SUPPLIED INFORMATION below:

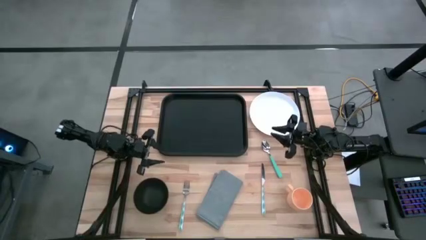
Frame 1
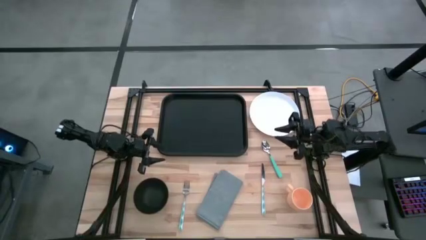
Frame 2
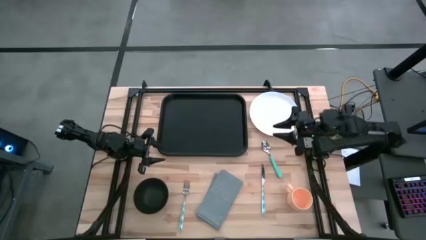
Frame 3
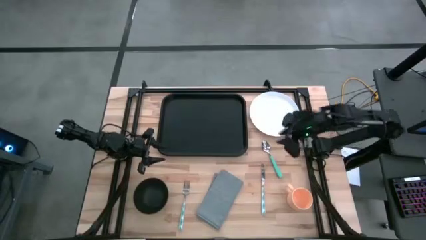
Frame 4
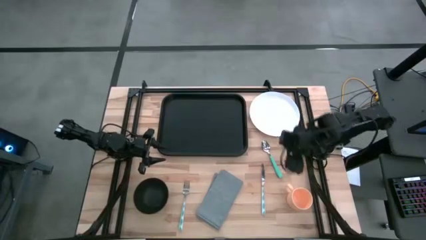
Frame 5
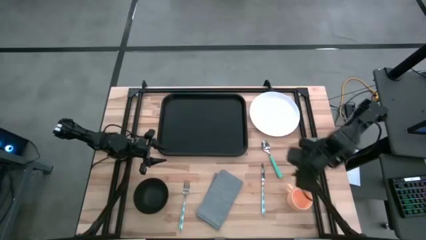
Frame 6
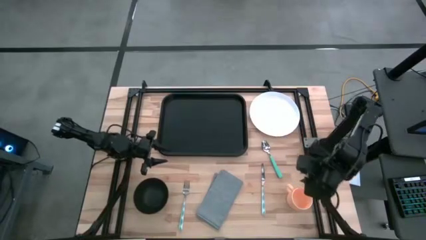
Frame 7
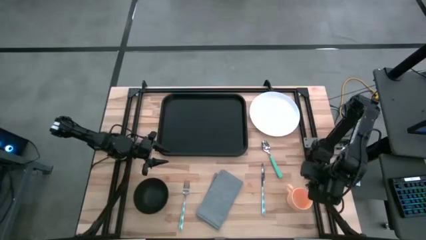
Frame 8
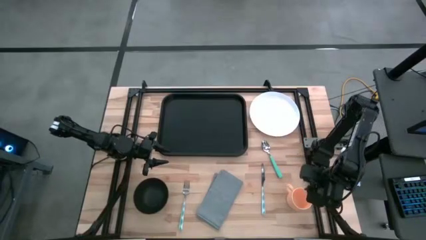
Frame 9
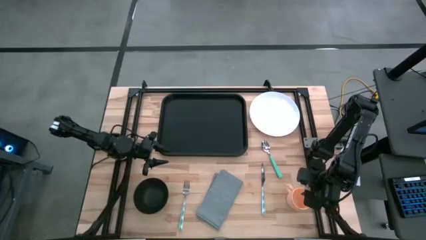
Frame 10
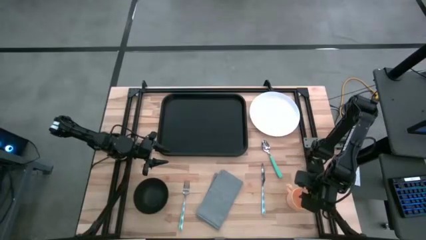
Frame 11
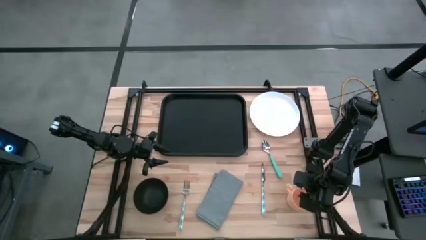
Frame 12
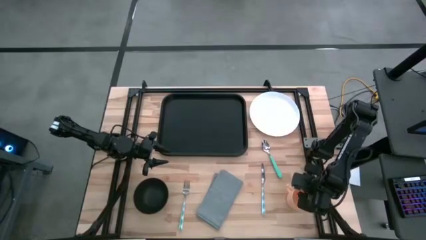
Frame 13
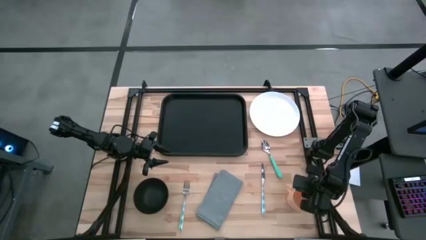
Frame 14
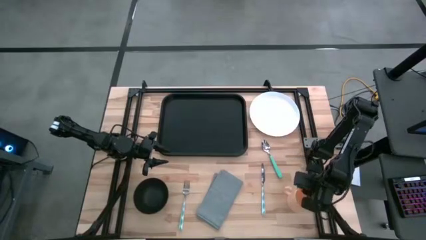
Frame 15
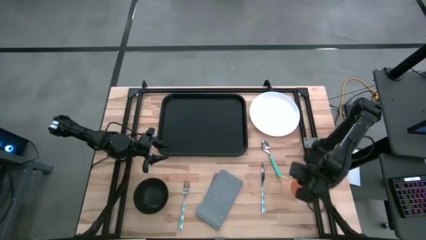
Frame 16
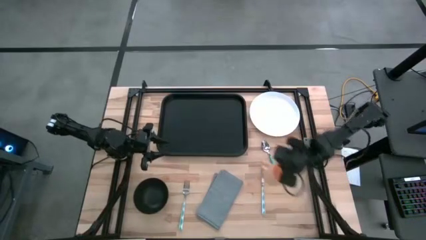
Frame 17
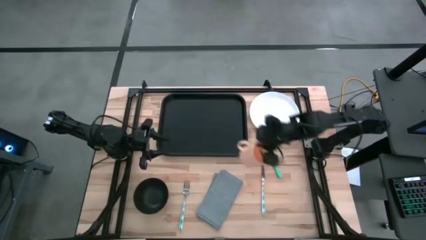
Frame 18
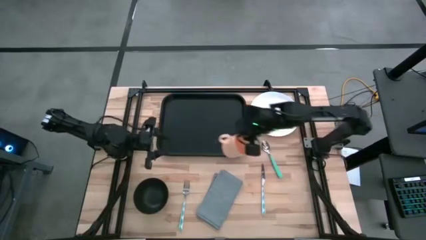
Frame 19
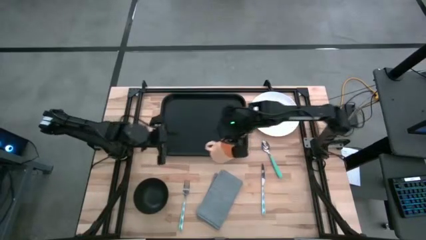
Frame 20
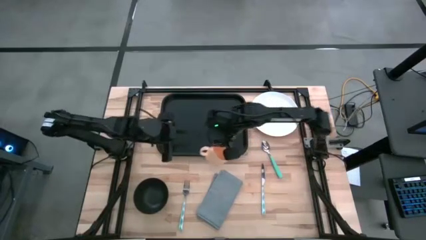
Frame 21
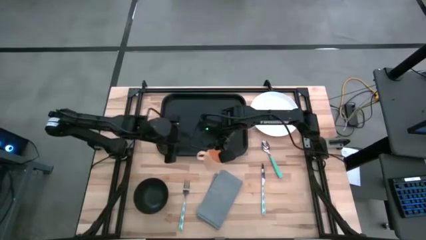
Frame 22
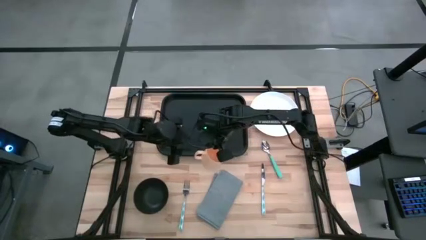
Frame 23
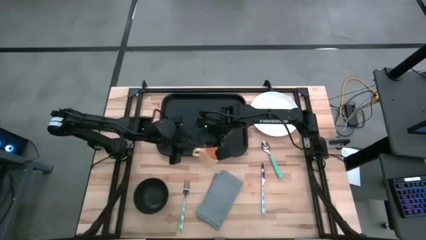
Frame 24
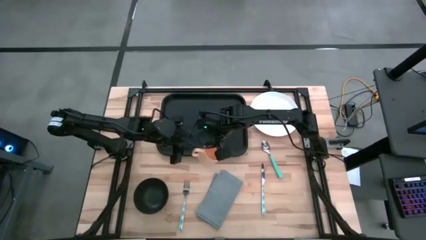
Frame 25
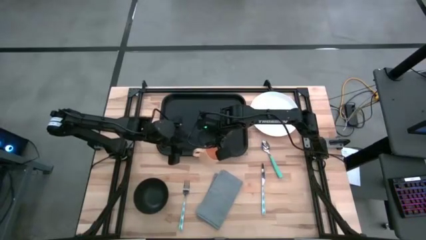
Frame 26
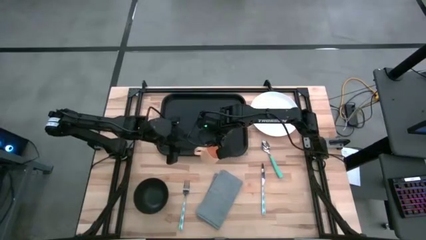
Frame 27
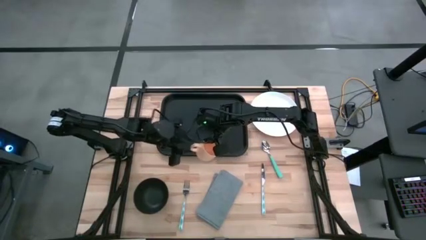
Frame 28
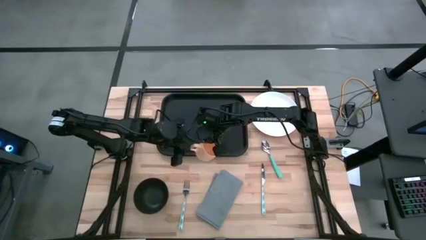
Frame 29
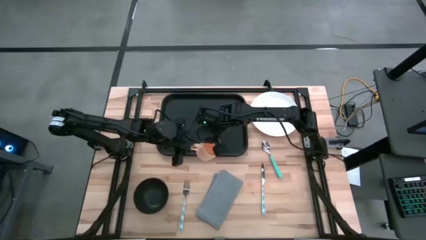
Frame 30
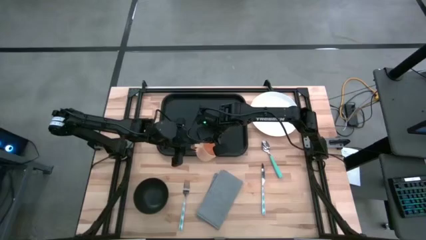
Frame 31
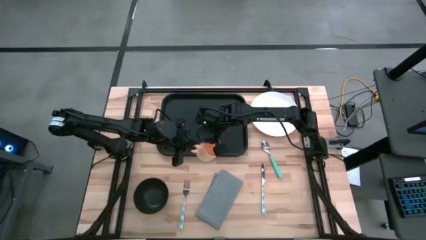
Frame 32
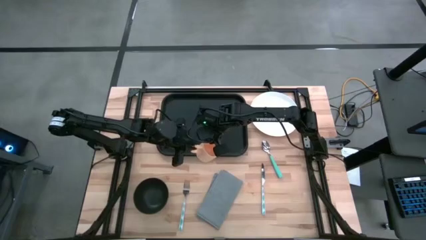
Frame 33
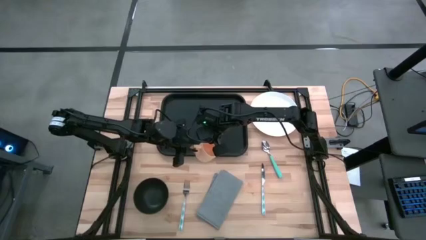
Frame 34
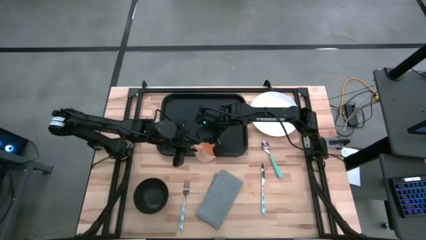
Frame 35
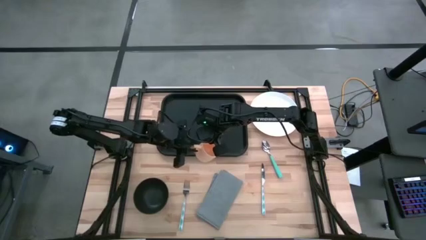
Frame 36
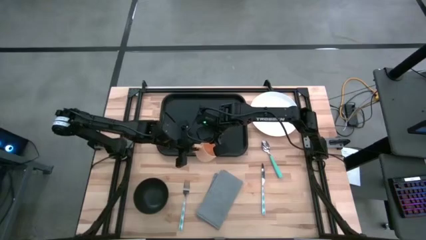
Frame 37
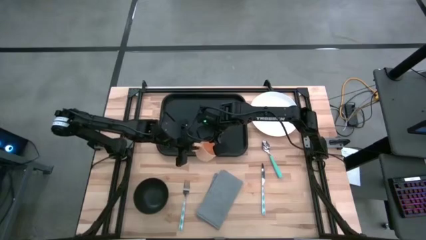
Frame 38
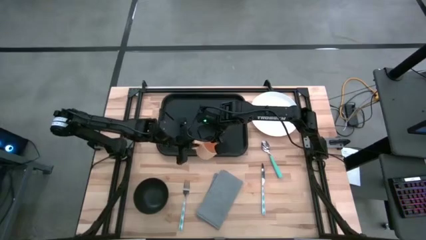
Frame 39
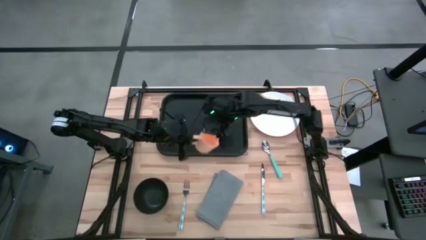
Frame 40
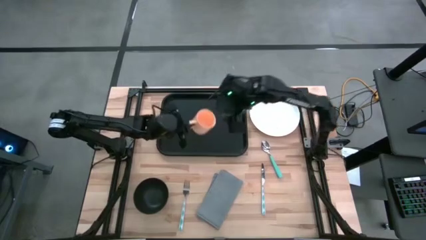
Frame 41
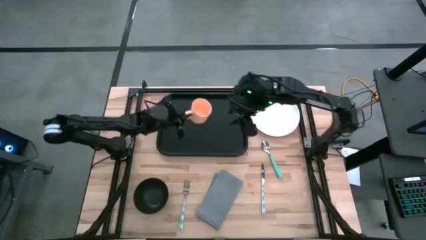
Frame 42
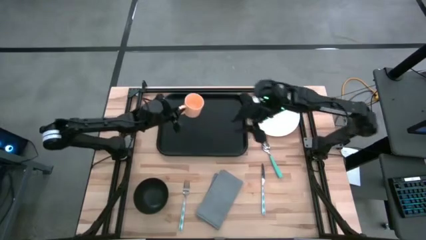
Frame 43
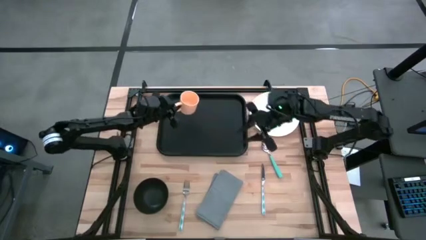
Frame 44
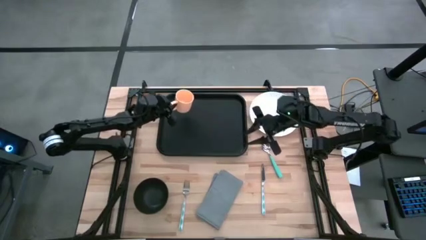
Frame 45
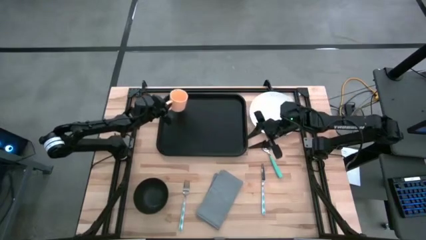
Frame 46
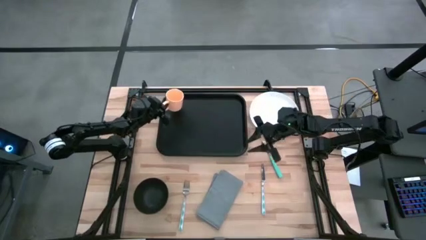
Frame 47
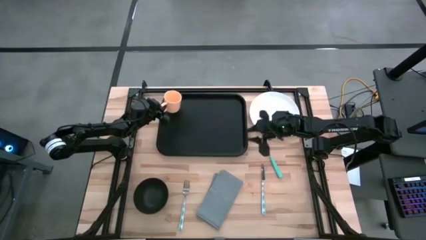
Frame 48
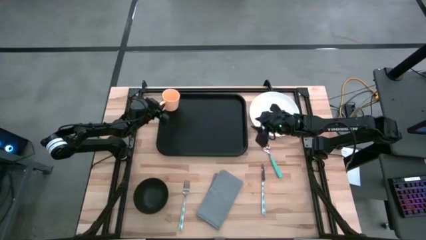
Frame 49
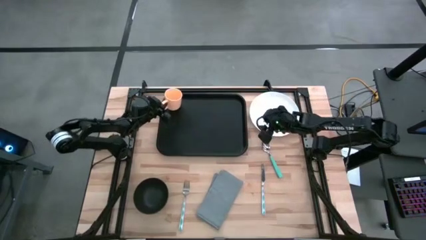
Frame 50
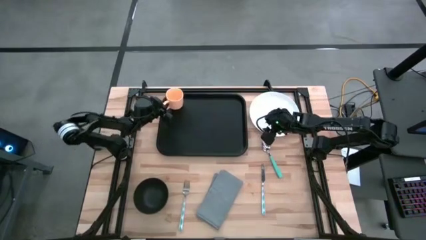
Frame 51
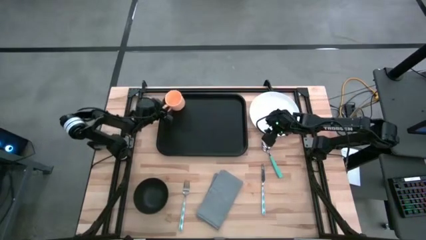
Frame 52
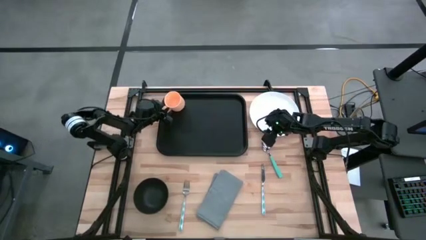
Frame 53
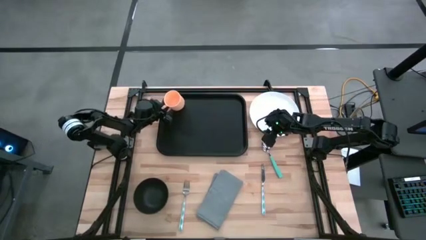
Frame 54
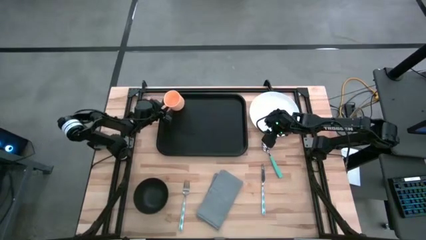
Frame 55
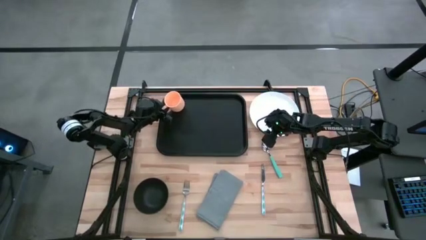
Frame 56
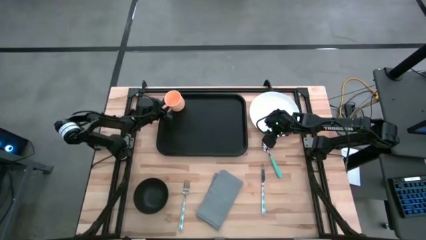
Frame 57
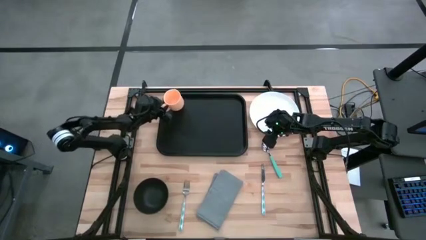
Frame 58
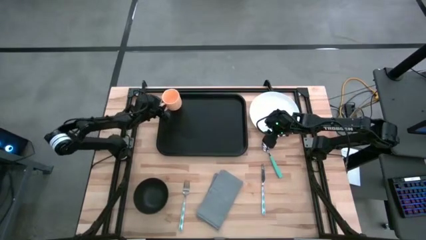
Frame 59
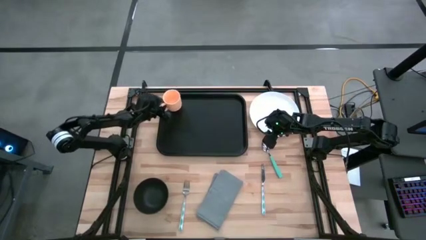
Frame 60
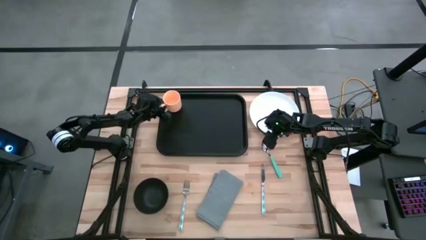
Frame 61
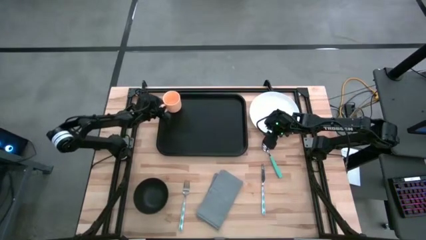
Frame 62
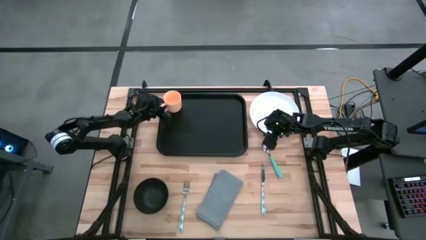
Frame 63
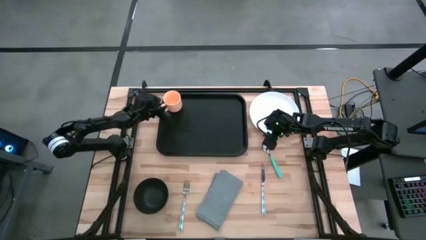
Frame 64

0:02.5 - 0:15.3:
Task: Set up tray
Put the mug on the top left of the serving tray

End of SUPPLIED INFORMATION.

● EXERCISE REQUIREMENTS
Return all material verbatim, pictures omitted.

● RESPONSE BELOW
Frame 1
Frame 2
Frame 3
Frame 4
Frame 5
Frame 6
Frame 7
Frame 8
Frame 9
Frame 10
Frame 11
Frame 12
Frame 13
Frame 14
Frame 15
Frame 16
Frame 17
Frame 18
Frame 19
Frame 20
Frame 21
Frame 22
Frame 23
Frame 24
Frame 25
Frame 26
Frame 27
Frame 28
Frame 29
Frame 30
Frame 31
Frame 32
Frame 33
Frame 34
Frame 35
Frame 36
Frame 37
Frame 38
Frame 39
Frame 40
Frame 41
Frame 42
Frame 43
Frame 44
Frame 45
Frame 46
Frame 47
Frame 48
Frame 49
Frame 50
Frame 51
Frame 52
Frame 53
Frame 54
Frame 55
Frame 56
Frame 57
Frame 58
Frame 59
Frame 60
Frame 61
Frame 62
Frame 63
Frame 64

0:02.5 - 0:15.3:
Task: Set up tray
Put the mug on the top left of the serving tray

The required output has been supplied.